DATA EXTRACTS: Begin

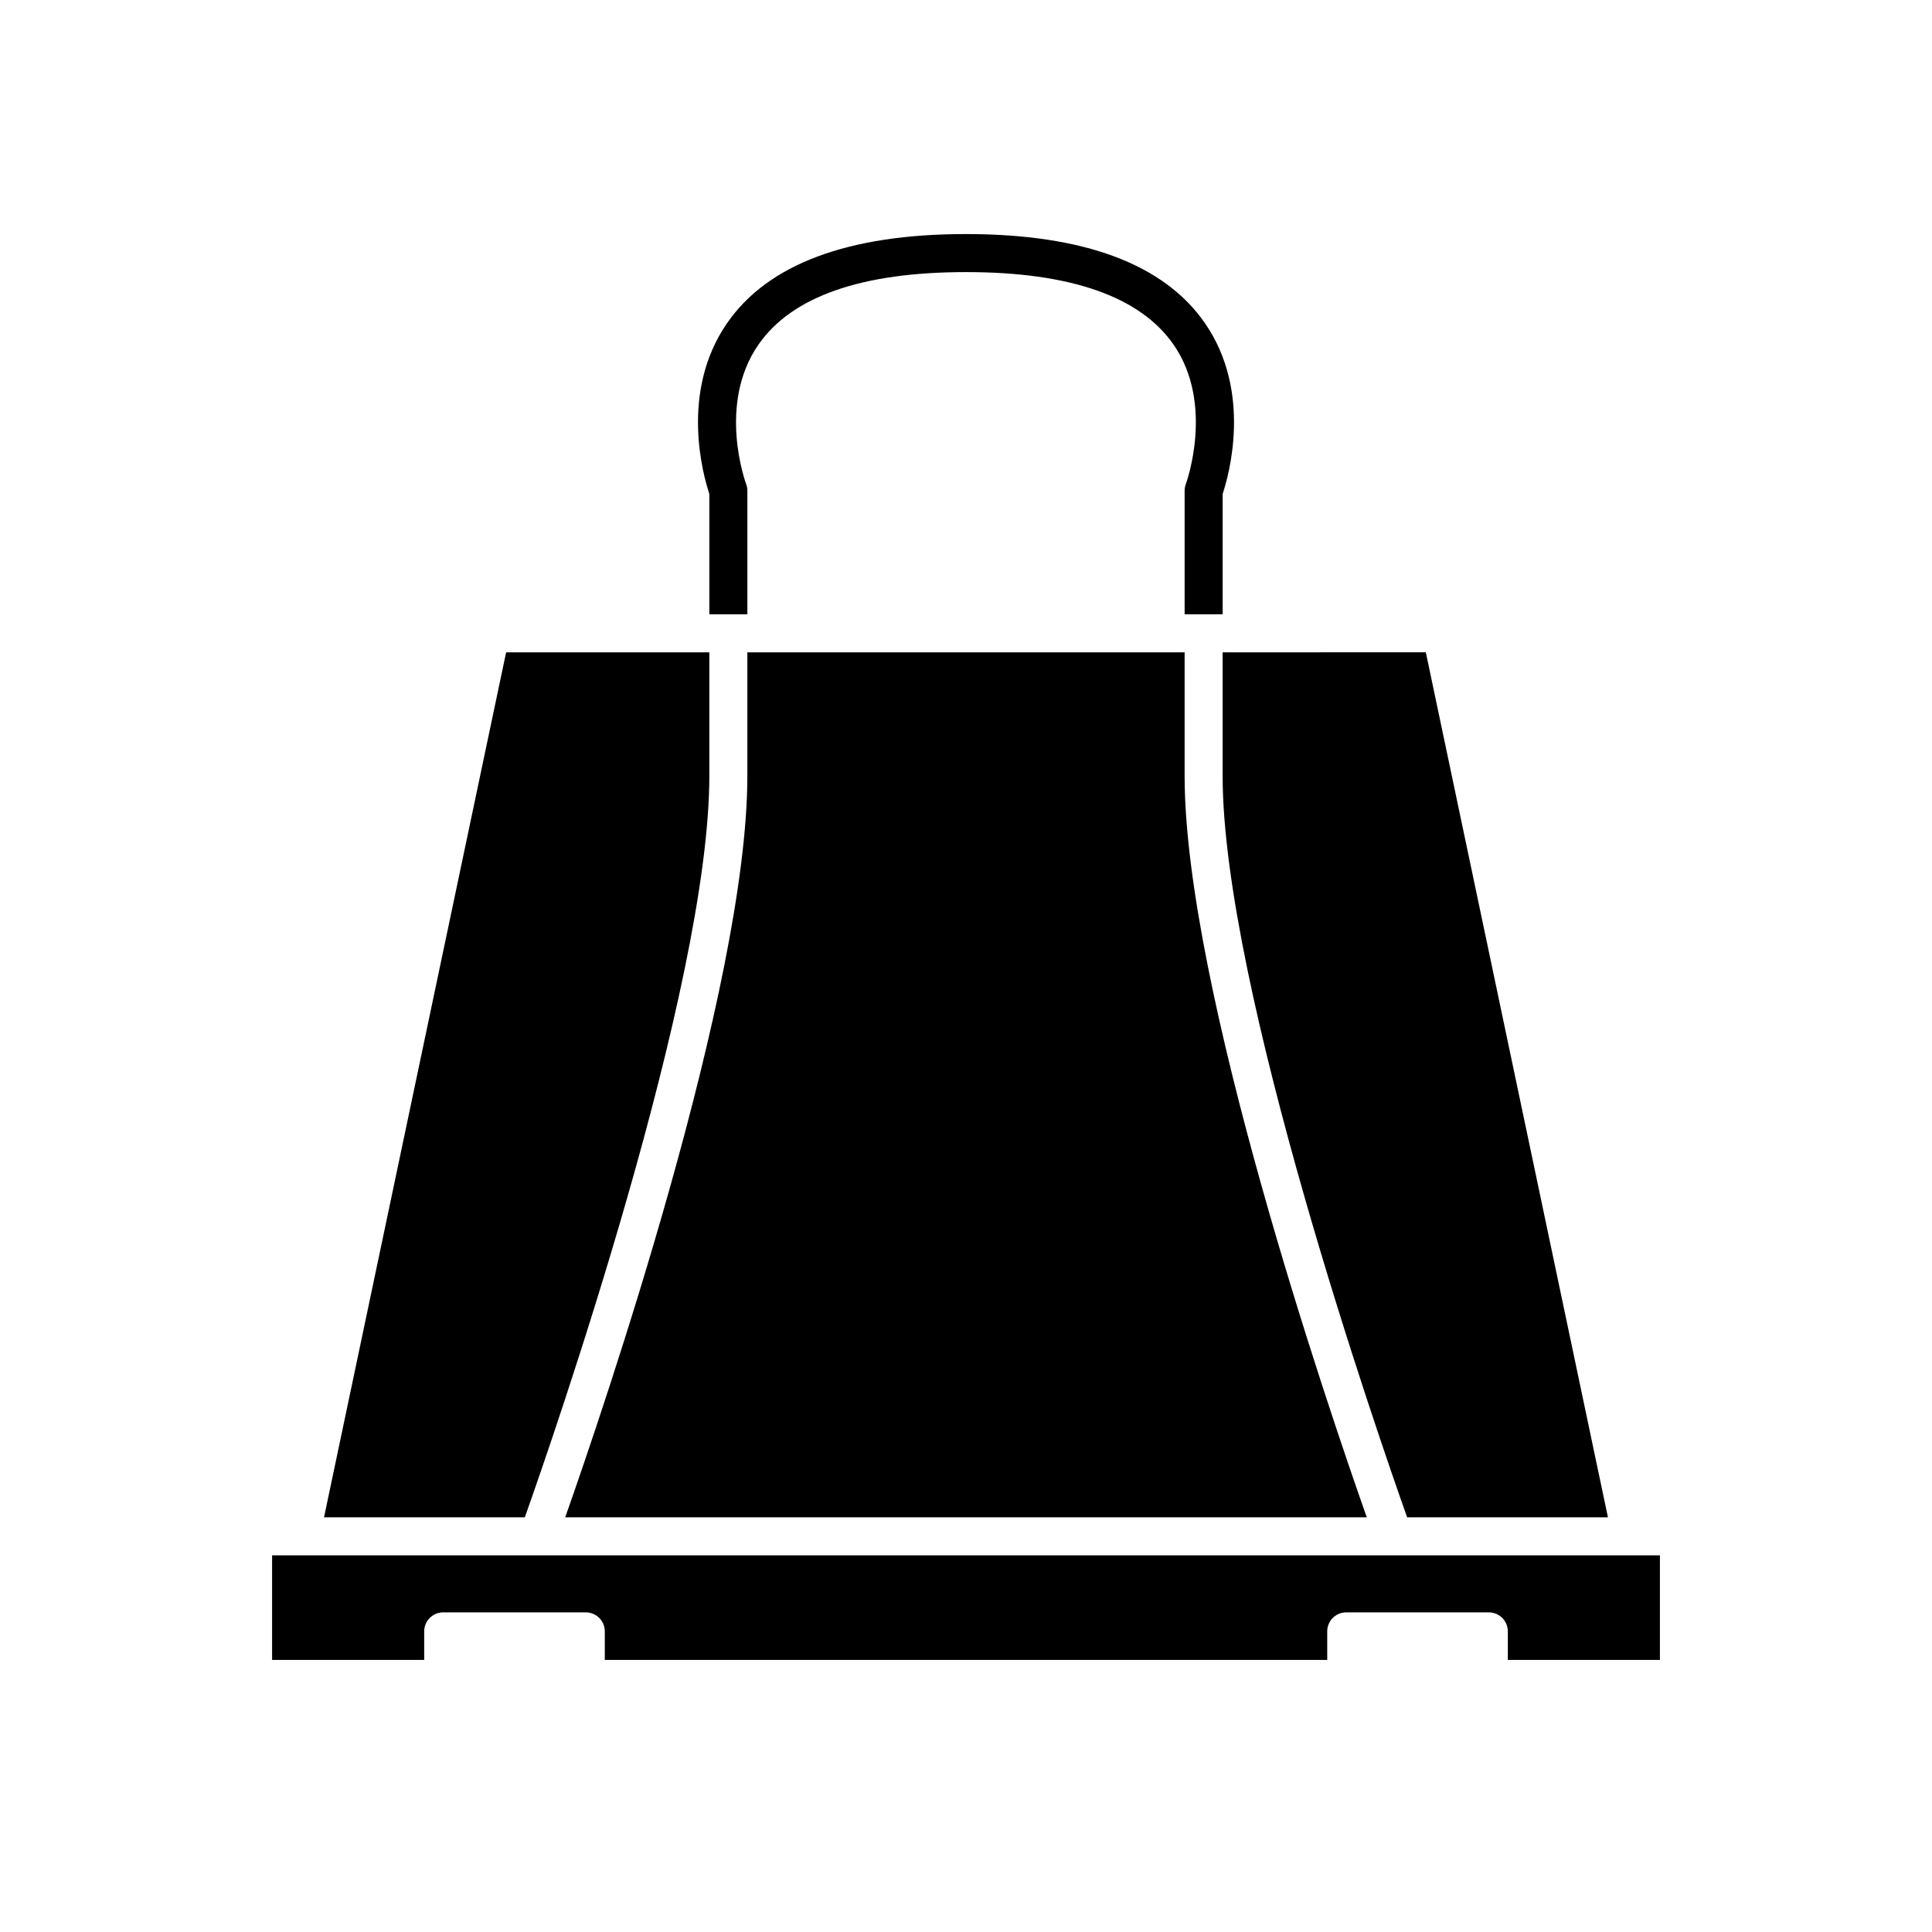 <?xml version="1.0" encoding="UTF-8"?>
<!-- Uploaded to: ICON Repo, www.iconrepo.com, Generator: ICON Repo Mixer Tools -->
<svg fill="#000000" width="800px" height="800px" version="1.1" viewBox="144 144 512 512" xmlns="http://www.w3.org/2000/svg">
 <g>
  <path d="m570.12 546.1-48.262-229.23-53.848 0.004v32.746c0 56.078 41.367 175.27 48.895 196.48z"/>
  <path d="m331.98 349.62v-32.746h-53.852l-48.258 229.23h53.215c7.527-21.219 48.895-140.41 48.895-196.48z"/>
  <path d="m400 546.1h106.21c-10.152-28.773-48.273-140.55-48.273-196.48v-32.746h-115.88v32.746c0 55.926-38.121 167.71-48.27 196.48z"/>
  <path d="m513.36 556.18h-297.25v27.711h40.305v-7.559c0-2.785 2.254-5.039 5.039-5.039h37.785c2.781 0 5.039 2.254 5.039 5.039v7.559h191.45v-7.559c0-2.785 2.254-5.039 5.039-5.039h37.785c2.781 0 5.039 2.254 5.039 5.039v7.559h40.305v-27.711z"/>
  <path d="m342.06 306.79v-32.746c0-0.609-0.109-1.215-0.328-1.781-0.078-0.211-7.746-21 3.234-36.891 8.832-12.789 27.348-19.266 55.035-19.266 27.645 0 46.145 6.461 54.992 19.203 10.969 15.797 3.348 36.754 3.273 36.953-0.219 0.566-0.328 1.172-0.328 1.781v32.746h10.078v-31.891c1.613-4.84 7.93-26.984-4.691-45.254-10.828-15.672-32.133-23.617-63.324-23.617s-52.5 7.945-63.324 23.617c-12.621 18.266-6.305 40.414-4.691 45.254v31.891z"/>
 </g>
</svg>

DATA EXTRACTS: End

## WHAT TO DO
Return every record exactly, without the pictures.

## ANSWER BELOW
 <?xml version="1.0" encoding="UTF-8"?>
<!-- Uploaded to: ICON Repo, www.iconrepo.com, Generator: ICON Repo Mixer Tools -->
<svg fill="#000000" width="800px" height="800px" version="1.1" viewBox="144 144 512 512" xmlns="http://www.w3.org/2000/svg">
 <g>
  <path d="m570.12 546.1-48.262-229.23-53.848 0.004v32.746c0 56.078 41.367 175.27 48.895 196.48z"/>
  <path d="m331.98 349.62v-32.746h-53.852l-48.258 229.23h53.215c7.527-21.219 48.895-140.41 48.895-196.48z"/>
  <path d="m400 546.1h106.21c-10.152-28.773-48.273-140.55-48.273-196.48v-32.746h-115.88v32.746c0 55.926-38.121 167.71-48.27 196.48z"/>
  <path d="m513.36 556.18h-297.25v27.711h40.305v-7.559c0-2.785 2.254-5.039 5.039-5.039h37.785c2.781 0 5.039 2.254 5.039 5.039v7.559h191.45v-7.559c0-2.785 2.254-5.039 5.039-5.039h37.785c2.781 0 5.039 2.254 5.039 5.039v7.559h40.305v-27.711z"/>
  <path d="m342.06 306.79v-32.746c0-0.609-0.109-1.215-0.328-1.781-0.078-0.211-7.746-21 3.234-36.891 8.832-12.789 27.348-19.266 55.035-19.266 27.645 0 46.145 6.461 54.992 19.203 10.969 15.797 3.348 36.754 3.273 36.953-0.219 0.566-0.328 1.172-0.328 1.781v32.746h10.078v-31.891c1.613-4.84 7.93-26.984-4.691-45.254-10.828-15.672-32.133-23.617-63.324-23.617s-52.5 7.945-63.324 23.617c-12.621 18.266-6.305 40.414-4.691 45.254v31.891z"/>
 </g>
</svg>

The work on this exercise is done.